● What you need to do
Beginning with the line that holds "#24003 = EDGE_CURVE( '', #29754, #29754, #29755, .T." in the data below, give again every line through the one that holds "#36133 = CARTESIAN_POINT( '', ( -10.382, 7.529, 18.302", exactly as written.

● Provided records
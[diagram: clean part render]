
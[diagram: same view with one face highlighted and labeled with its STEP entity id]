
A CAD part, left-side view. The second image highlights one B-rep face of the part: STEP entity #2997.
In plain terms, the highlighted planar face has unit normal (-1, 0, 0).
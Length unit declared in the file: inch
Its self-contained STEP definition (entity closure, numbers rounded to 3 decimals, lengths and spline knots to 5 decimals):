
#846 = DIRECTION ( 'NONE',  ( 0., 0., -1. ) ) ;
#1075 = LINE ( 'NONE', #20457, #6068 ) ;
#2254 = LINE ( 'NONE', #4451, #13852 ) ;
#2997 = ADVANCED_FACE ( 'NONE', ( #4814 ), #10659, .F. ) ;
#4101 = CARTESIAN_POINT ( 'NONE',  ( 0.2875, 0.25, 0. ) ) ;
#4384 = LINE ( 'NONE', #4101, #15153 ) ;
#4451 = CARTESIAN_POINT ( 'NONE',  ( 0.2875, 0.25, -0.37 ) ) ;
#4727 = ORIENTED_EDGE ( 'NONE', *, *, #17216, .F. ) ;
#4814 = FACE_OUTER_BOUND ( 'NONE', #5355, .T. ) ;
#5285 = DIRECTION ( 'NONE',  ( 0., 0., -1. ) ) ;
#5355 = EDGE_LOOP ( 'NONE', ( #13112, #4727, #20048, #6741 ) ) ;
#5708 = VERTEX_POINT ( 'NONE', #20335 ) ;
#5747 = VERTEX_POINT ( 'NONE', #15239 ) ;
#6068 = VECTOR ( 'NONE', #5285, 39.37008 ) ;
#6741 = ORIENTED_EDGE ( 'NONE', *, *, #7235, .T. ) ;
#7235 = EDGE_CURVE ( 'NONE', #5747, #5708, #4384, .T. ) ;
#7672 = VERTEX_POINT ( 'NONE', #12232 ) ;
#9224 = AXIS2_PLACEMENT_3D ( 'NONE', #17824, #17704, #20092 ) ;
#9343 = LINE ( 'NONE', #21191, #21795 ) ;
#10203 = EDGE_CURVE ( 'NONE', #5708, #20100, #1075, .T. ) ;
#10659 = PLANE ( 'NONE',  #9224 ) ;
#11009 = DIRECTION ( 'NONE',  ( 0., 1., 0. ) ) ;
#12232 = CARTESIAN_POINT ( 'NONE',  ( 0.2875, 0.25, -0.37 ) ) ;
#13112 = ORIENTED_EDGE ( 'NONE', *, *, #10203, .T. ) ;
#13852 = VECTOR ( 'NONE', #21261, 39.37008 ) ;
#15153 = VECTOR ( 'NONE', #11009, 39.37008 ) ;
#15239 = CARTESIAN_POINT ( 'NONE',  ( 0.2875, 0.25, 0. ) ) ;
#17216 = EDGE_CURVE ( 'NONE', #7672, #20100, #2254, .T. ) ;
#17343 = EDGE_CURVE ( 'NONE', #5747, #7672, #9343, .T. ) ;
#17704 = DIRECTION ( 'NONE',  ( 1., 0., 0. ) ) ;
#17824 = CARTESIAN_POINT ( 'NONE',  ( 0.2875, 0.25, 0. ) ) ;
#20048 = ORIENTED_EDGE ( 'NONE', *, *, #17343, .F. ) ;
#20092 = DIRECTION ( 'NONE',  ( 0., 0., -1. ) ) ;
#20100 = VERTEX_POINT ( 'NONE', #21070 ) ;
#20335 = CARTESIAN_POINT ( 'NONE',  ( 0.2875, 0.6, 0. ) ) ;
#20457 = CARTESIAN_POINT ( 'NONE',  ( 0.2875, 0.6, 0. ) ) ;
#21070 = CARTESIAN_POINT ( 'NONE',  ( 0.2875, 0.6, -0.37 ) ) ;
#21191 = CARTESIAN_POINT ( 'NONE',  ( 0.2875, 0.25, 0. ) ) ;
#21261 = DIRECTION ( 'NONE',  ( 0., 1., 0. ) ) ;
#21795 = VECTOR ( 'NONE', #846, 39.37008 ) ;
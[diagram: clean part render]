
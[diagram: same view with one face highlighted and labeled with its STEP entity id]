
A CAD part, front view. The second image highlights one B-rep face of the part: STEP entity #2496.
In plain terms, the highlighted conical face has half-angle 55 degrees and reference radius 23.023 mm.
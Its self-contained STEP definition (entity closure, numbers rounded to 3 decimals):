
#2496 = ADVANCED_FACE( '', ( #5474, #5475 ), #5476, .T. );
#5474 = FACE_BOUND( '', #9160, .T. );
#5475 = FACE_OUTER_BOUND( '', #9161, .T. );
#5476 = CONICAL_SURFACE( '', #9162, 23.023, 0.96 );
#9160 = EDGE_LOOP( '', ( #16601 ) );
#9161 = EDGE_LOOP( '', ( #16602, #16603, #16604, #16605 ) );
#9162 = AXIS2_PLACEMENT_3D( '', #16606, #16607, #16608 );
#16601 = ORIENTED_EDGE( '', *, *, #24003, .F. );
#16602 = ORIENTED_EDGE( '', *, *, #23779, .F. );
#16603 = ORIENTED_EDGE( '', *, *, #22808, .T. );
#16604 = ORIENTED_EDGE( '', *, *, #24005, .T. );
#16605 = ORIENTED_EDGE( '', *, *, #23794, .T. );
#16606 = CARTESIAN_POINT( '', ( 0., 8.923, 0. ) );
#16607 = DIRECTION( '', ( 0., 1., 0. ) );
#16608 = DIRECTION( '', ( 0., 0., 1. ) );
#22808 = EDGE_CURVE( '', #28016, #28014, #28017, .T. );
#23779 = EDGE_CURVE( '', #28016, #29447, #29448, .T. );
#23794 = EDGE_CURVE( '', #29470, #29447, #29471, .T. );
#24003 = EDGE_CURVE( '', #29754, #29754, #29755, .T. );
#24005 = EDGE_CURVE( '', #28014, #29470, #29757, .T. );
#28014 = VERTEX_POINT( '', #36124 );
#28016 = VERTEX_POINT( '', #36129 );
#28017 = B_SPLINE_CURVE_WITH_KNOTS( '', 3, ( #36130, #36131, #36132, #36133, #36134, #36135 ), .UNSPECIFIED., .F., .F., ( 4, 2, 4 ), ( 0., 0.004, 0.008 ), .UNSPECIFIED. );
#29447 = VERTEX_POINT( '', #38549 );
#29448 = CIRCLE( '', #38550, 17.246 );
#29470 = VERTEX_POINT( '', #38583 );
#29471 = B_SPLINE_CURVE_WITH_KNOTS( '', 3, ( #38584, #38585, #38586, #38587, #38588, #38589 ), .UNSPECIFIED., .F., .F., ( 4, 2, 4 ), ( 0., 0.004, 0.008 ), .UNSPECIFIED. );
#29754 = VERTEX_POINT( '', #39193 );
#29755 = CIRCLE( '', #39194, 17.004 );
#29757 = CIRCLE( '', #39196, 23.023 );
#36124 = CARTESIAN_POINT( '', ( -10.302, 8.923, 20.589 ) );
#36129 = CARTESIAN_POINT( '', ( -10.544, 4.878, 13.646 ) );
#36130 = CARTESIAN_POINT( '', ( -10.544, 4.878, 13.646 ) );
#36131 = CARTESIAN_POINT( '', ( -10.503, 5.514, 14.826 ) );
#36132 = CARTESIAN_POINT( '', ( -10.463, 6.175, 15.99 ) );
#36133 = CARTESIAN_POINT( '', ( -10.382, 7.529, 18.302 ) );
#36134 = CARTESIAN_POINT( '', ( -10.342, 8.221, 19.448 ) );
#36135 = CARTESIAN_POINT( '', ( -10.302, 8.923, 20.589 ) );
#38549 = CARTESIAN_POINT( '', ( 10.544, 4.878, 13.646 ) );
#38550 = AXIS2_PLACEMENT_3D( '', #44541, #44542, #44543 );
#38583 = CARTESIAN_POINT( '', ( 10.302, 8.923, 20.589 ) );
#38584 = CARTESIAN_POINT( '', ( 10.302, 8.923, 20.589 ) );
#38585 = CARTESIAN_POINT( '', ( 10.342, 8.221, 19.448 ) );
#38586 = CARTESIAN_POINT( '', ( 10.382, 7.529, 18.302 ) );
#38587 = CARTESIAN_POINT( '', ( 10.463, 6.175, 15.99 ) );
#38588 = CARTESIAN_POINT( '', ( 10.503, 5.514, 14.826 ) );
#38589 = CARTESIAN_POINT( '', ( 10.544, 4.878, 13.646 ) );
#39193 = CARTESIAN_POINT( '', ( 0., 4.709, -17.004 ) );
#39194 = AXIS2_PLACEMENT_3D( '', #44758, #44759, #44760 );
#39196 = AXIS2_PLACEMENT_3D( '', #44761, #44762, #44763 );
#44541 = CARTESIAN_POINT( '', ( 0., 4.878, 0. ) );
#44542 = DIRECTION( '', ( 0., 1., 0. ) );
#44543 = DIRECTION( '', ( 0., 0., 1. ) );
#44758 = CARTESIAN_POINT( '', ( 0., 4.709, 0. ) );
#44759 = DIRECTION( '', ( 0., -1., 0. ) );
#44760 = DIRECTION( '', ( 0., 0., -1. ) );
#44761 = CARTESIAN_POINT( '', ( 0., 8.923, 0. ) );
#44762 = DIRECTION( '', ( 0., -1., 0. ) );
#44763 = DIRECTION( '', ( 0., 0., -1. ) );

● Task answer
#24003 = EDGE_CURVE( '', #29754, #29754, #29755, .T. );
#24005 = EDGE_CURVE( '', #28014, #29470, #29757, .T. );
#28014 = VERTEX_POINT( '', #36124 );
#28016 = VERTEX_POINT( '', #36129 );
#28017 = B_SPLINE_CURVE_WITH_KNOTS( '', 3, ( #36130, #36131, #36132, #36133, #36134, #36135 ), .UNSPECIFIED., .F., .F., ( 4, 2, 4 ), ( 0., 0.004, 0.008 ), .UNSPECIFIED. );
#29447 = VERTEX_POINT( '', #38549 );
#29448 = CIRCLE( '', #38550, 17.246 );
#29470 = VERTEX_POINT( '', #38583 );
#29471 = B_SPLINE_CURVE_WITH_KNOTS( '', 3, ( #38584, #38585, #38586, #38587, #38588, #38589 ), .UNSPECIFIED., .F., .F., ( 4, 2, 4 ), ( 0., 0.004, 0.008 ), .UNSPECIFIED. );
#29754 = VERTEX_POINT( '', #39193 );
#29755 = CIRCLE( '', #39194, 17.004 );
#29757 = CIRCLE( '', #39196, 23.023 );
#36124 = CARTESIAN_POINT( '', ( -10.302, 8.923, 20.589 ) );
#36129 = CARTESIAN_POINT( '', ( -10.544, 4.878, 13.646 ) );
#36130 = CARTESIAN_POINT( '', ( -10.544, 4.878, 13.646 ) );
#36131 = CARTESIAN_POINT( '', ( -10.503, 5.514, 14.826 ) );
#36132 = CARTESIAN_POINT( '', ( -10.463, 6.175, 15.99 ) );
#36133 = CARTESIAN_POINT( '', ( -10.382, 7.529, 18.302 ) );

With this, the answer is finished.